ABOUT THIS TASK: Count every line of the material that holds the string "Width". Respond with the total only.

DATASET RECORDS:
Segment Open
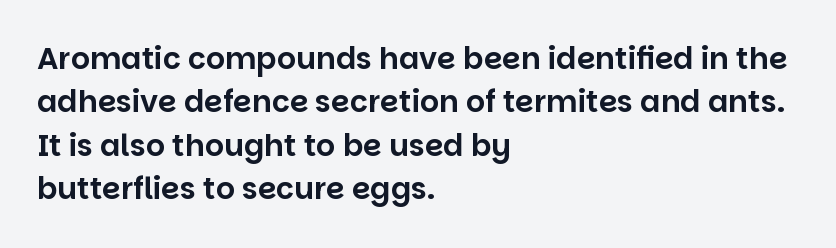
The image shows 30 px sans-serif type, upright; set left-aligned, normal line spacing (1.45x), normal letter spacing, not underlined; low stroke contrast and a large x-height.
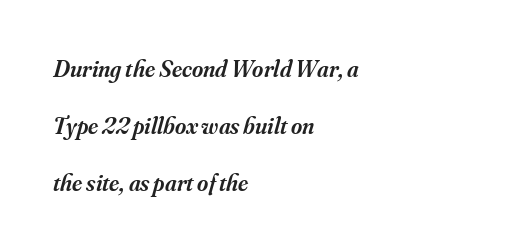
{"italic": "yes", "lean": "right", "slant_degrees": 16, "bold": "semi", "underline": "no", "align": "left", "line_spacing": "loose", "line_spacing_ratio": 2.37, "letter_spacing": "normal", "letter_spacing_em": 0.0, "glyph_px": 24}
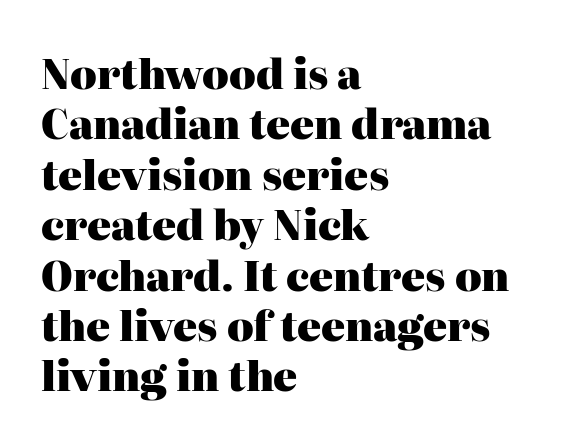
The image shows 40 px heavy serif type, upright; set left-aligned, normal line spacing (1.26x), normal letter spacing, not underlined; high stroke contrast and a medium x-height.
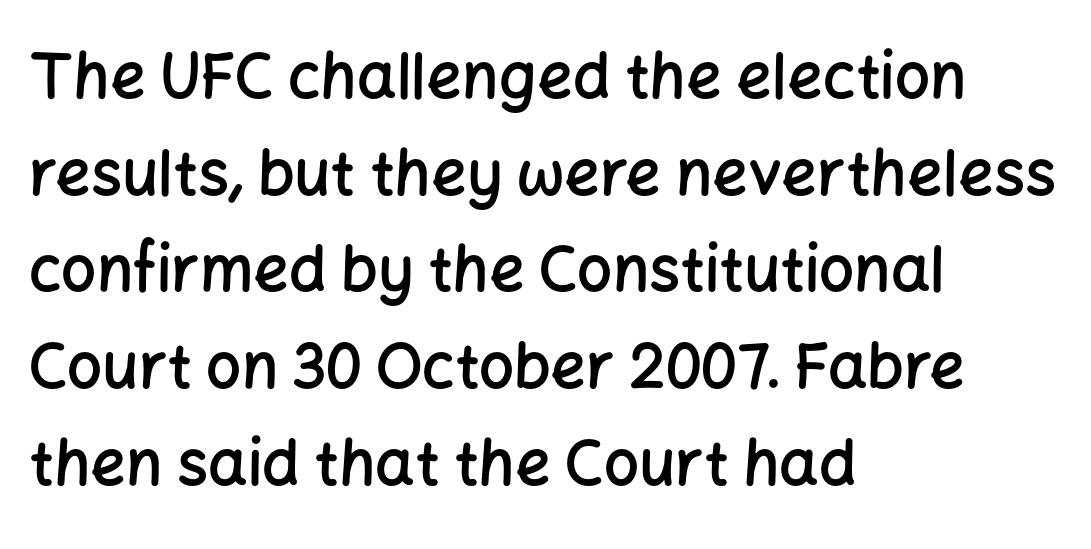
Q: Is the text bold? A: Semi-bold.
Q: Is the text italic (slanted)? A: No, it is upright.
Q: Is the typeface a serif or a sans-serif typeface? A: Sans-serif.
Q: Is the text underlined? A: No.
Q: How is the paragraph aligned? A: Left-aligned.
Q: Is the spacing between letters normal or unusually wide? A: Normal.
Q: Is the spacing between lines tight, normal or loose? A: Normal.
Q: Width (condensed, normal, or wide)? A: Normal.
Q: Stroke contrast? A: Low.
Q: x-height? A: Medium.
Q: Monospaced? A: No.
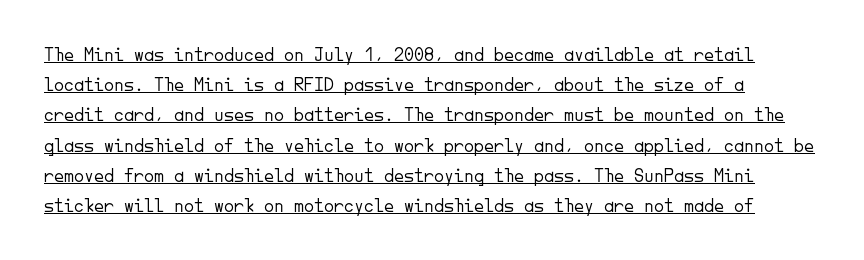
{"italic": "no", "bold": "no", "underline": "yes", "line_spacing": "normal", "line_spacing_ratio": 1.51, "letter_spacing": "normal", "letter_spacing_em": 0.0, "glyph_px": 20}
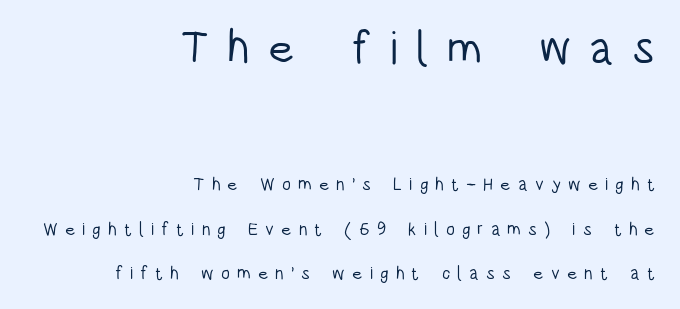
Q: Is the text bold? A: No.
Q: Is the text italic (slanted)? A: No, it is upright.
Q: Is the typeface a serif or a sans-serif typeface? A: Sans-serif.
Q: Is the text underlined? A: No.
Q: How is the paragraph aligned? A: Right-aligned.
Q: Is the spacing between letters normal or unusually wide? A: Unusually wide.
Q: Is the spacing between lines tight, normal or loose? A: Loose.
Q: Which block of text is set in a larger size, the first (top) or the second (bottom)? A: The first (top) one.
Q: Width (condensed, normal, or wide)? A: Condensed.
Q: Stroke contrast? A: Low.
Q: x-height? A: Large.
Q: Monospaced? A: No.
Segment Closed
YOUR RESPONSE: 2